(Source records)
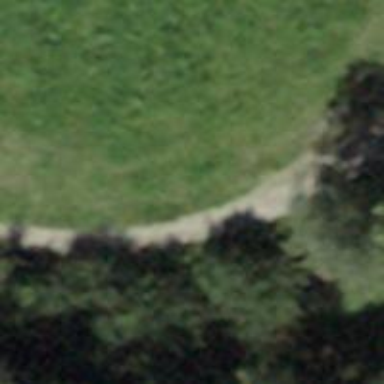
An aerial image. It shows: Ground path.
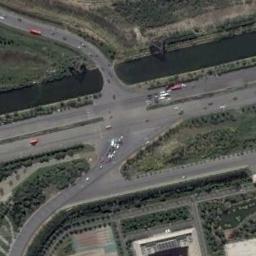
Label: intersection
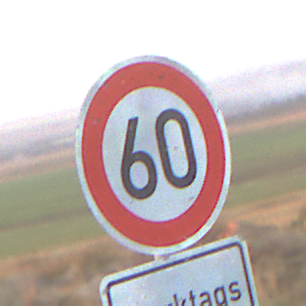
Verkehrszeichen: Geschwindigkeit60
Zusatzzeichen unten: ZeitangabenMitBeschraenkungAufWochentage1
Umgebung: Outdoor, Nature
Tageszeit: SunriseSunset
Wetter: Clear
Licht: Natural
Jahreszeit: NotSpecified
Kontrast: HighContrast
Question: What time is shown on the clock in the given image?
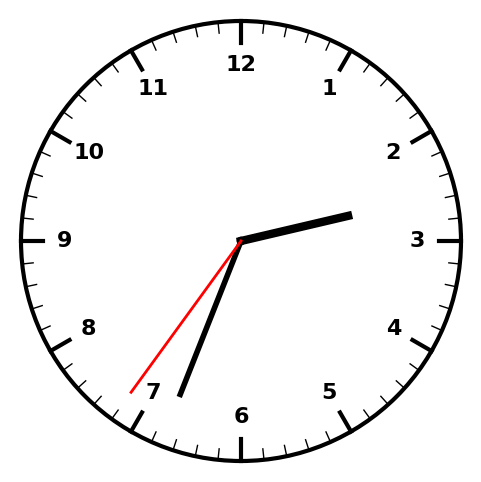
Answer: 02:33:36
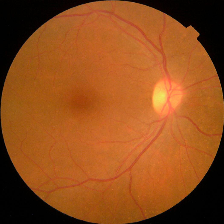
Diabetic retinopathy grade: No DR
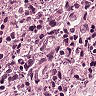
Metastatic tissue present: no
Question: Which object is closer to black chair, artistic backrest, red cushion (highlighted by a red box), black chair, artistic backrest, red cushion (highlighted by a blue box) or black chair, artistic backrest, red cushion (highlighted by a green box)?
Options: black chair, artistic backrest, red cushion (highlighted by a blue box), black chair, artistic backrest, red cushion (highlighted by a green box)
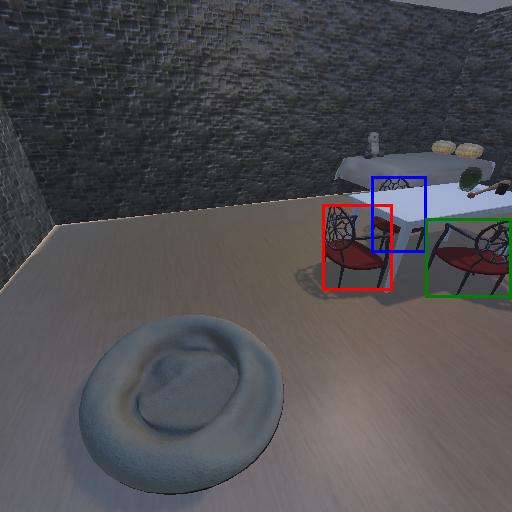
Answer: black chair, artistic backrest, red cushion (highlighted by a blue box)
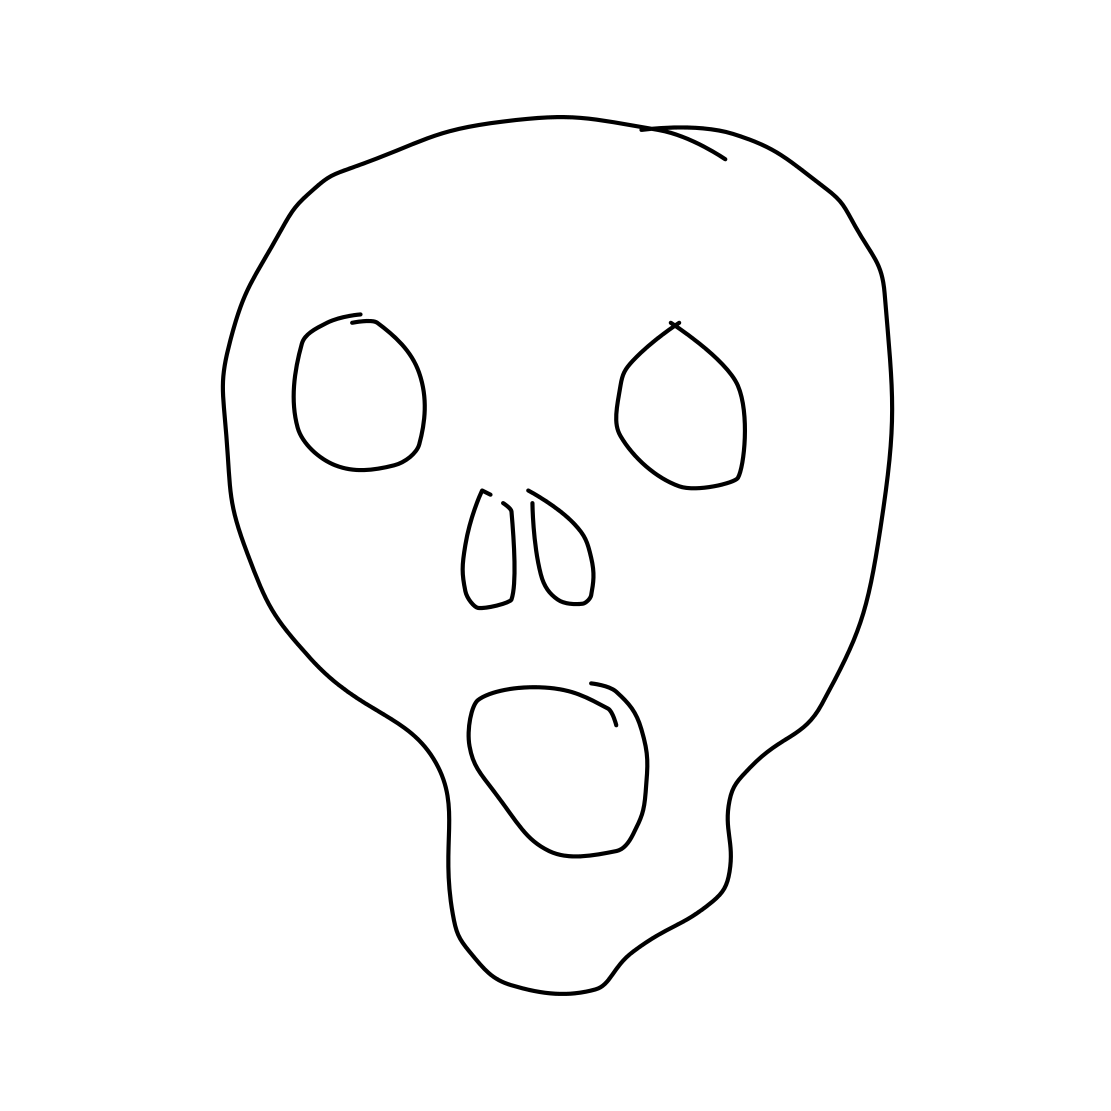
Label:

REQUIRED WORK: Some lines above contain the word "artistic". Copy each of them.

WRITTEN SOLUTION:
Question: Which object is closer to black chair, artistic backrest, red cushion (highlighted by a red box), black chair, artistic backrest, red cushion (highlighted by a blue box) or black chair, artistic backrest, red cushion (highlighted by a green box)?
Options: black chair, artistic backrest, red cushion (highlighted by a blue box), black chair, artistic backrest, red cushion (highlighted by a green box)
Answer: black chair, artistic backrest, red cushion (highlighted by a blue box)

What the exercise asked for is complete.